Menariknya, DLH Provinsi Lampung yang memiliki kewenangan dalam mengurusi Analisis Mengenai Dampak Lingkungan (AMDAL) setiap perusahaan industri ternyata memiliki pandangan lain. AMDAL ini sendiri memiliki peranan penting dalam terbitnya izin lingkungan yang wajib dikantongi oleh setiap perusahaan.
Menurut mereka, proses pembersihan lahan yang sedang dilakukan itu tidaklah melanggar aturan. Peraturan Pemerintah Nomor 5 Tahun 2021 tentang Penyelenggaraan Perizinan Berusaha Berbasis Risiko memang memperbolehkannya meskipun belum mengantongi izin lingkungan.
Adapun mengenai IKPR, mereka berpendapat bahwa akan tetap memroses permohonan tersebut. Meski begitu, untuk urusan penerbitan izin lingkungan, kewenangannya tak melulu ada dengan mereka. Sebab, semua pihak terkait akan dilibatkan untuk membahas hal tersebut. Pihak terkait itu terdiri dari kabupaten, dan provinsi. Rapat inilah yang akan menjadi penentu apakah pengajuan pemohon dinilai layak atau tidak untuk diberikan izin lingkungan.
Konflik yang terjadi ini sejatinya harus kita apresiasi. Dengan konflik ini, lembaga legislatif telah menjalankan tugas pengawasan yang melekat kepada mereka. Dan memang hal inilah yang seharusnya mereka lakukan jika mendapati ada kebijakan yang berpotensi tidak sesuai aturan.
Sampai ke titik ini, rasanya kita harus percaya dengan itu. Kesampingkan perkataan nyinyir warganet yang menyoal sikap dari wakil rakyat tersebut. Anggap saja motif yang melatarbelakangi penolakan mereka memang murni untuk menegakkan aturan. Tidak ada motif kepentingan pribadi atau golongan di belakangnya. Sebab, berkata yang tidak-tidak tanpa bukti itu sama saja menjurus ke fitnah.
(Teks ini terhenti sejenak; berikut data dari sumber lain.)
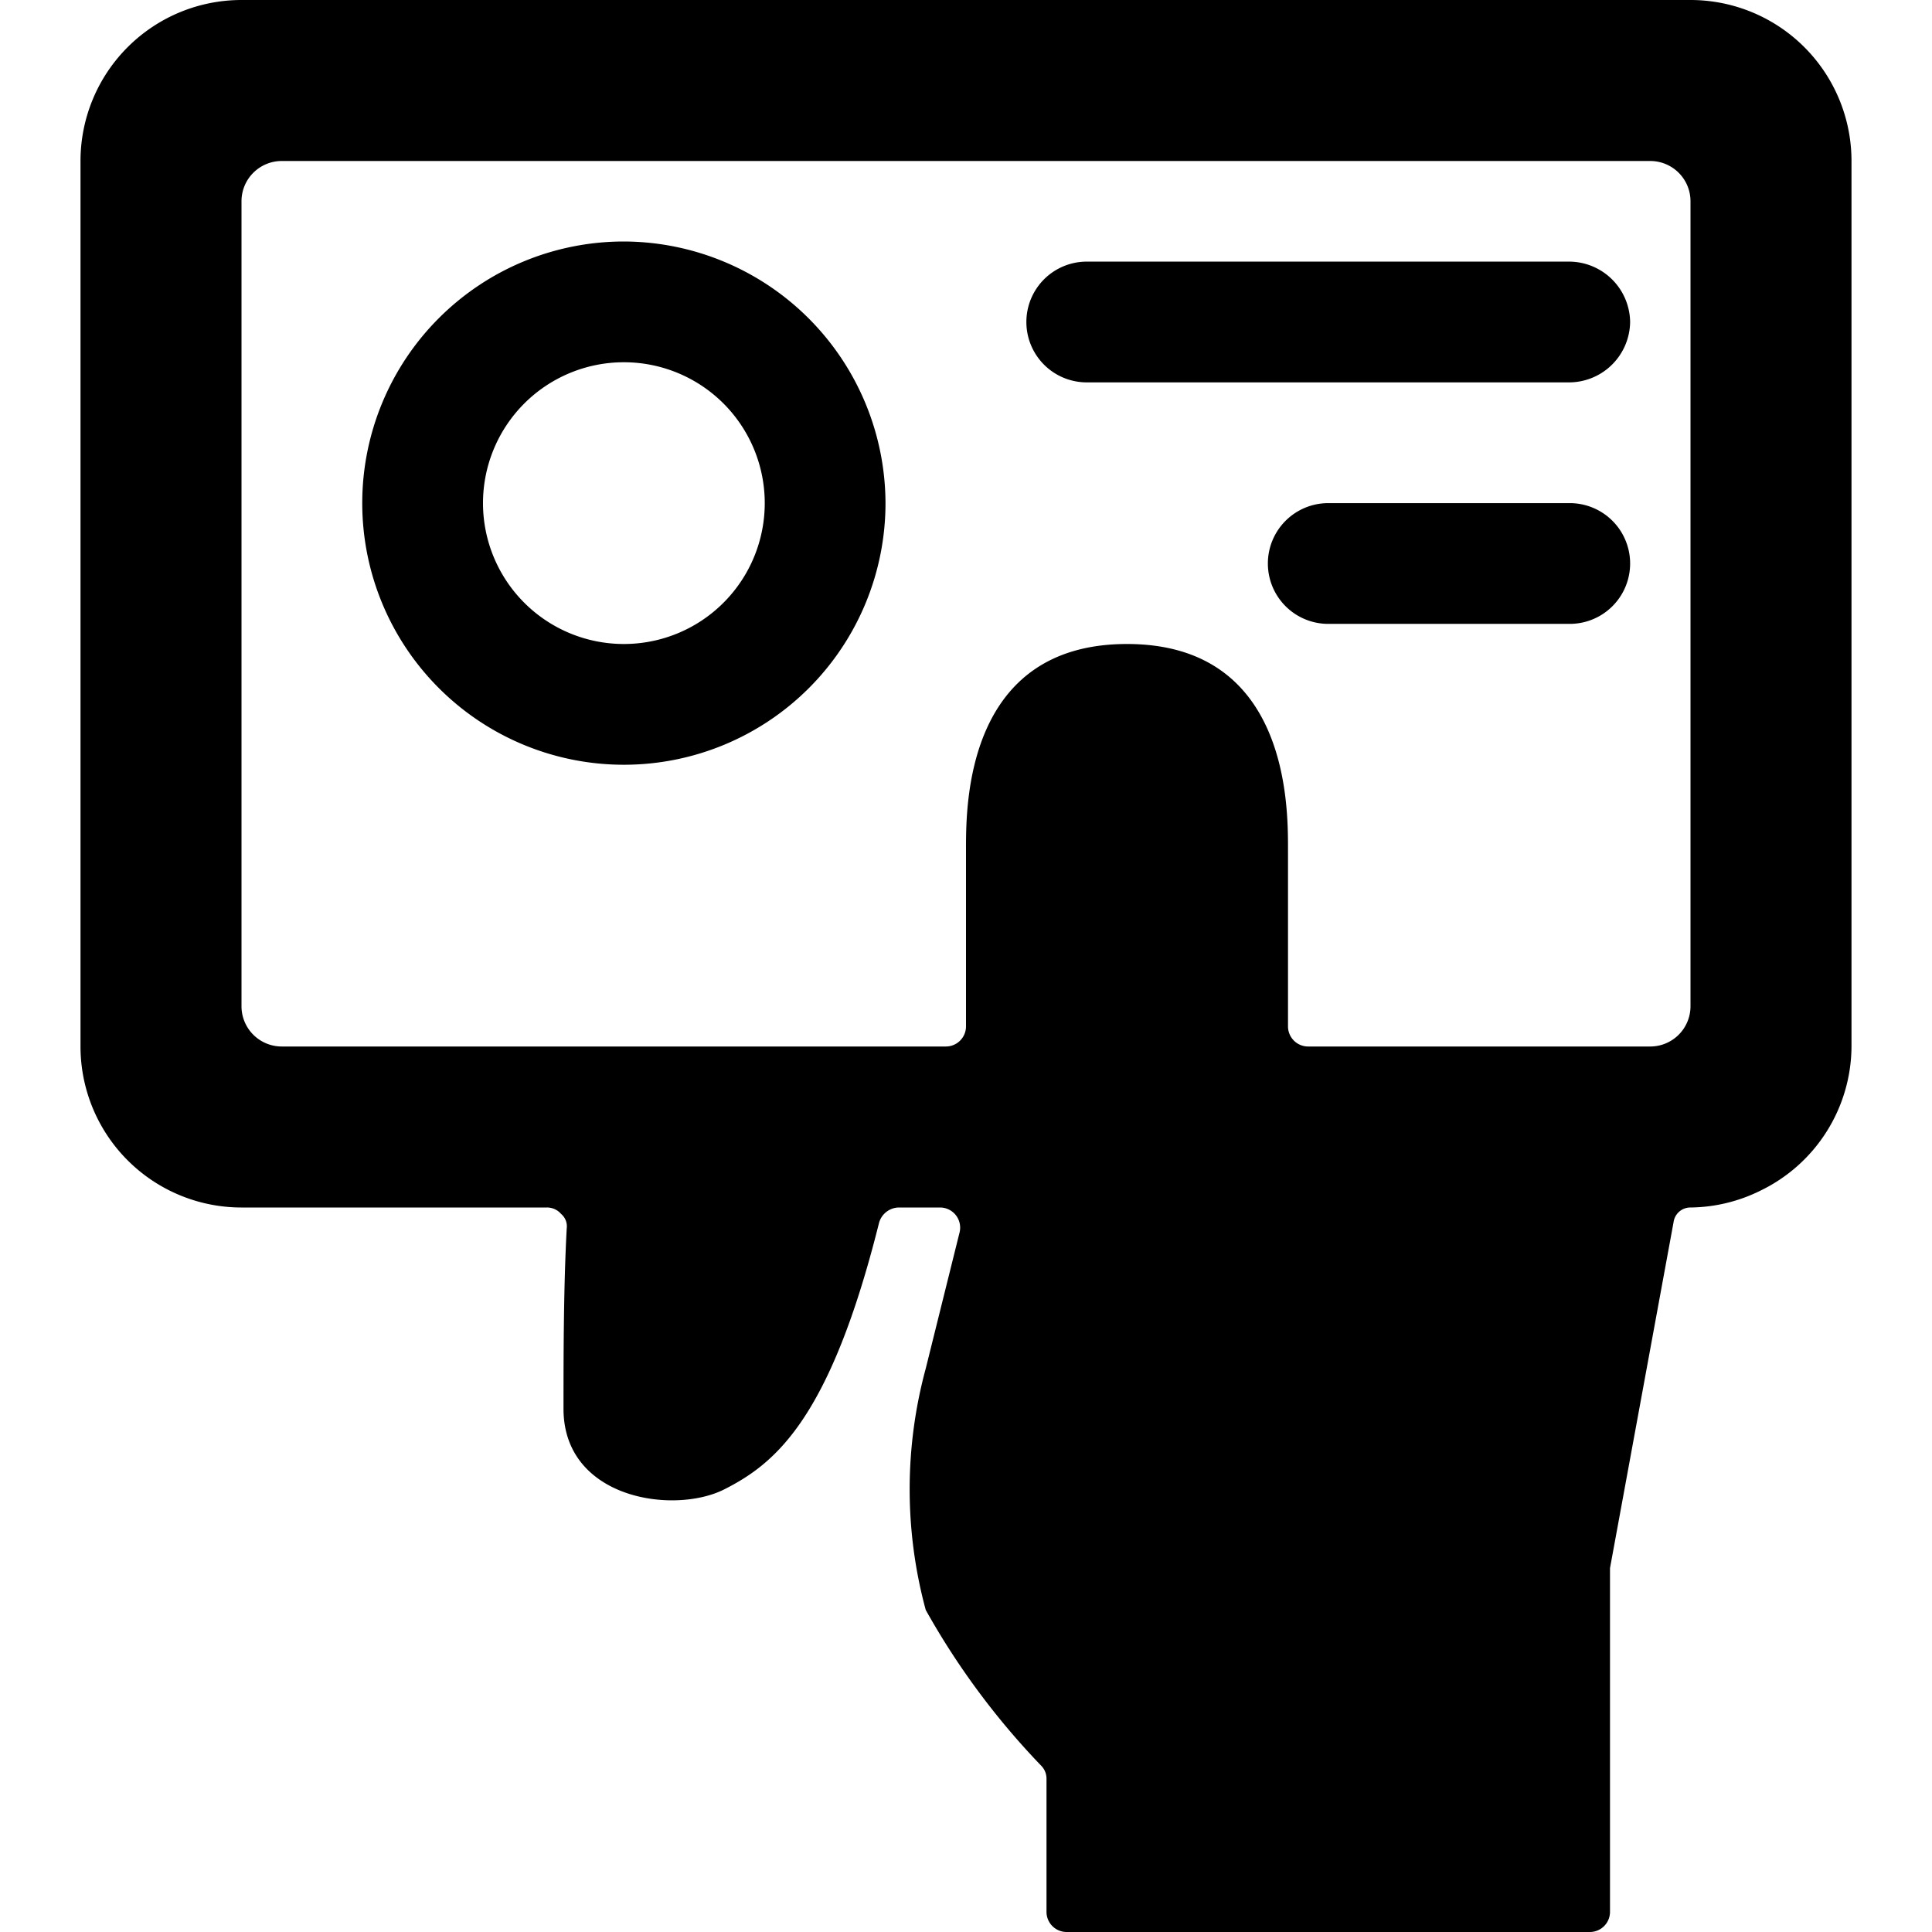 <svg xmlns="http://www.w3.org/2000/svg" viewBox="0 0 24 24"><g><path d="M20.25 4a0.76 0.76 0 0 0 -0.75 -0.75h-6a0.75 0.75 0 0 0 0 1.5h6a0.76 0.76 0 0 0 0.75 -0.75Z" fill="#000000" stroke-width="1"></path><path d="M19.5 6.25h-3a0.75 0.75 0 0 0 0 1.5h3a0.75 0.75 0 0 0 0 -1.5Z" fill="#000000" stroke-width="1"></path><path d="M7.75 3A3.25 3.25 0 1 0 11 6.25 3.26 3.26 0 0 0 7.75 3Zm0 5A1.75 1.75 0 1 1 9.5 6.25 1.75 1.75 0 0 1 7.75 8Z" fill="#000000" stroke-width="1"></path><path d="M13.25 24h6.5a0.25 0.25 0 0 0 0.25 -0.25v-4.27l0.79 -4.3A0.21 0.21 0 0 1 21 15a2 2 0 0 0 0.87 -0.21A2 2 0 0 0 23 13V2a2 2 0 0 0 -2 -2H3a2 2 0 0 0 -2 2v11a2 2 0 0 0 2 2h3.79a0.23 0.23 0 0 1 0.18 0.08 0.2 0.2 0 0 1 0.07 0.18C7 16 7 16.89 7 17.5c0 1.12 1.37 1.32 2 1s1.31 -0.87 1.92 -3.31a0.26 0.26 0 0 1 0.24 -0.19h0.52a0.25 0.25 0 0 1 0.24 0.31L11.5 17a5.73 5.73 0 0 0 0 3 9.4 9.4 0 0 0 1.43 1.93 0.23 0.23 0 0 1 0.07 0.17v1.65a0.25 0.25 0 0 0 0.25 0.25ZM12 10.54v2.21a0.25 0.25 0 0 1 -0.25 0.25H3.5a0.5 0.5 0 0 1 -0.5 -0.5v-10a0.5 0.5 0 0 1 0.5 -0.5h17a0.5 0.5 0 0 1 0.5 0.5v10a0.5 0.5 0 0 1 -0.5 0.5h-4.25a0.25 0.25 0 0 1 -0.25 -0.25v-2.21C16 10 16 8 14 8s-2 2 -2 2.54Z" fill="#000000" stroke-width="1"></path></g></svg>

Meski begitu, harus kita akui bahwa polemik tak berujung ini jelas sangat merugikan bagi Kabupaten Lampung Utara di masa mendatang. Kekhawatirannya, para investor akan berpikir seribu kali lagi untuk menanamkan modalnya di kabupaten.
Dampaknya, tingkat pengangguran di Lampung Utara tidak akan berkurang. Padahal, untuk urusan tingkat pengangguran terbuka sejak tahun 2012 silam, Lampung Utara selalu berada di posisi dua atau tiga besar di Provinsi Lampung.
Kalau sudah begini, kondisi Lampung Utara tak ubahnya seperti buah simalakama. Dimakan, mati ayah, tak dimakan, mati ibu. Pabriknya diperbolehkan berdiri salah, tidak diperbolehkan berdiri tambah salah.